Daily Self-Portraits (2025-6)

In this ongoing project, I take daily self-portraits as a way of documenting and exploring my body and age.

In late 2025, I saw the work of both Carla J. Williams (Tender) and Melissa Shook (Daily Self-Portraits 1972-3) exhibited. I became enamored with how these two women were able to look at themselves with their cameras. Their projects, while different, both presented confident and accepting inquisitions into each woman’s body and age. Alongside these inquiries, too, I saw the joys of experimentation and self-discovery. By the time I encountered the projects, both of which had been published several decades after being made, each had become archive of the woman’s body at a specific, earlier time in her life.
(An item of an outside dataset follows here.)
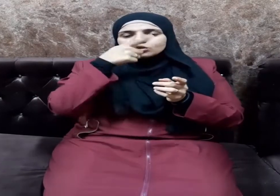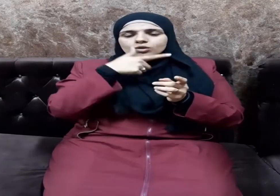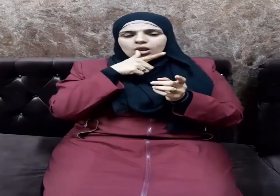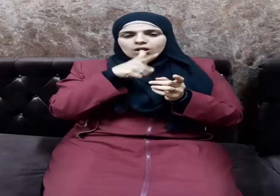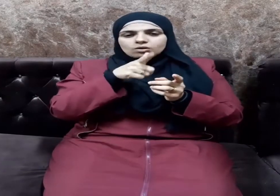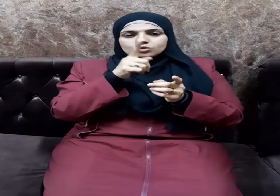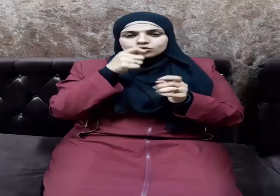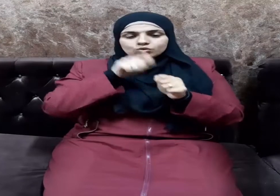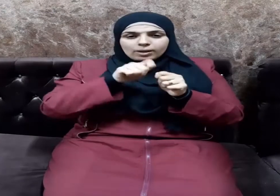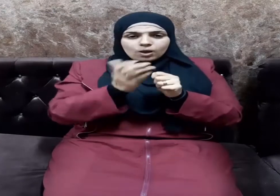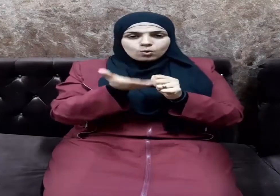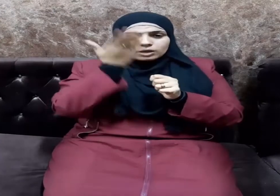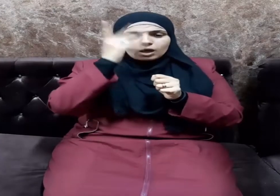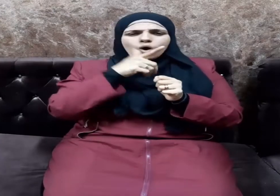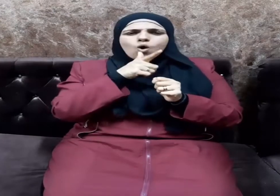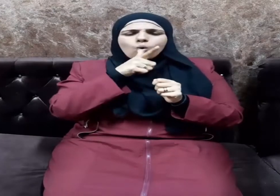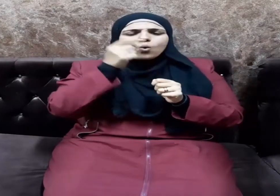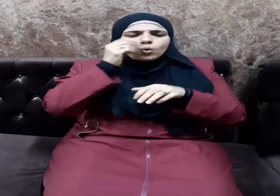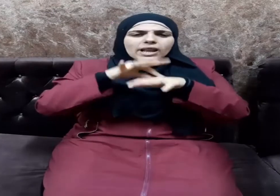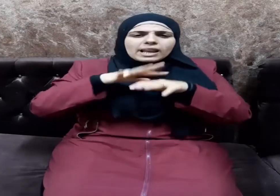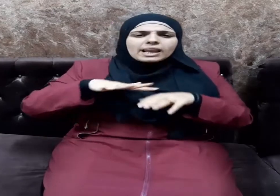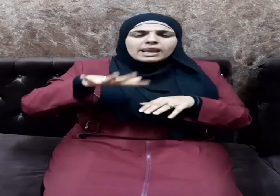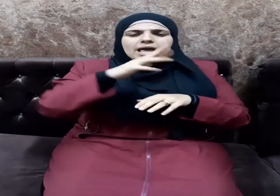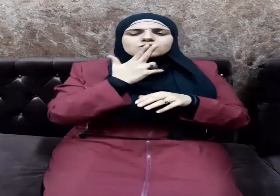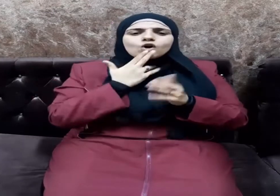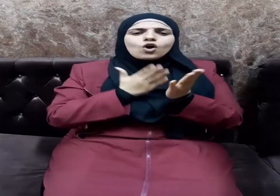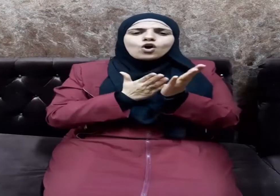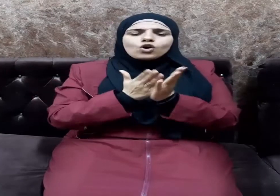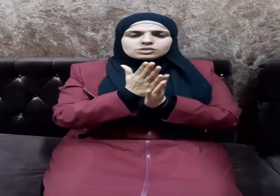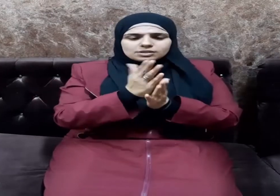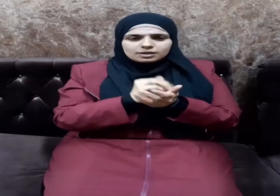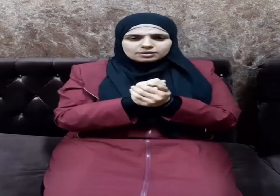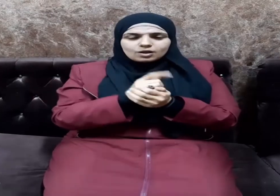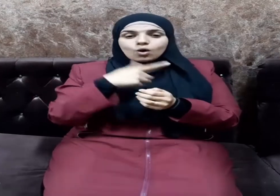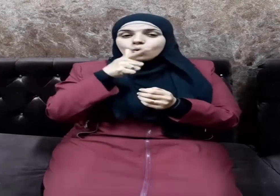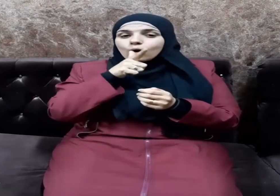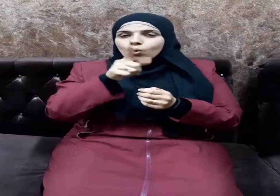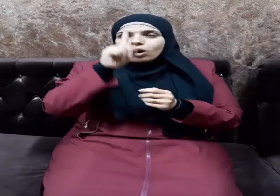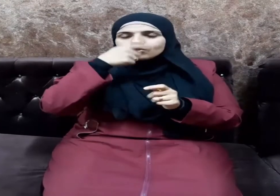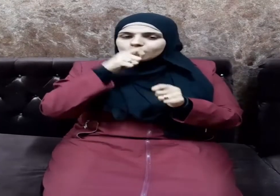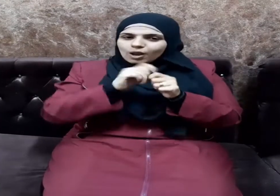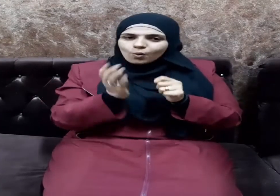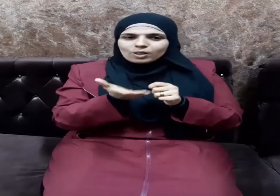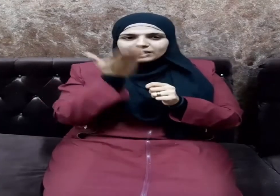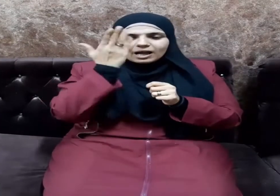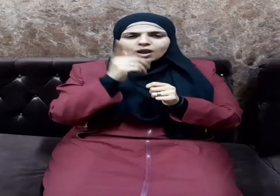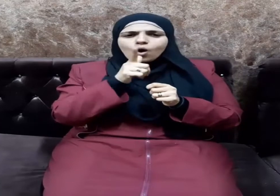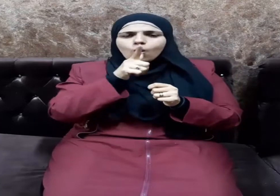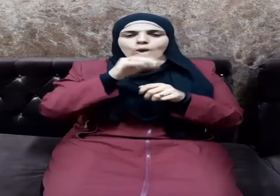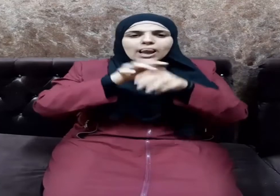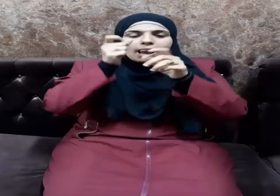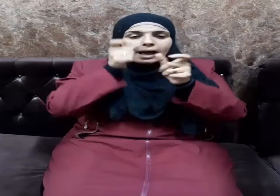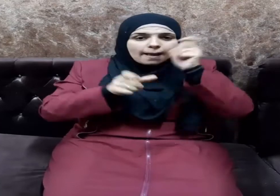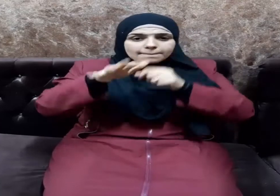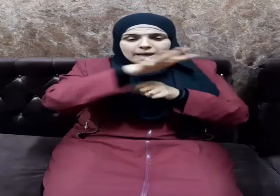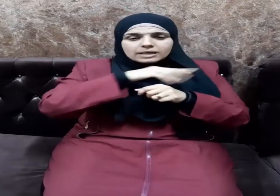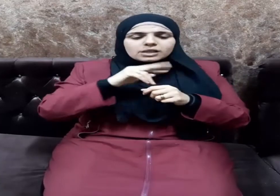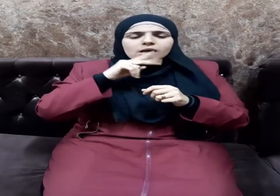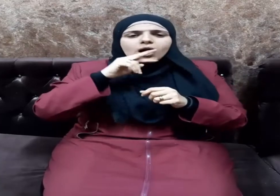سبحانه وقولوا للناس حسنا ويقول تعالى وقل لعبادي يقول التي

I returned home determined to explore and capture myself, still a relatively young age (32), the way that Williams and Shook had. I wanted to create an archive of a different body — a male body that didn’t feel, or even want to feel, particularly “masculine” — my body. And I had questions that Shook’s and Williams’ projects could not address simply by nature of the authors’ inherent identities; questions about what it means to exist and age in a male body, for example, and about what results from the tension between social pressures to be traditionally “masculine” and my own natural physical and emotional qualities.

I began making self-portraits on December 15, 2025, and plan to make one per day for one year. The images here are hand-dated 4.75x4.75” gelatin silver prints, regularly updated as I produce new prints from the project.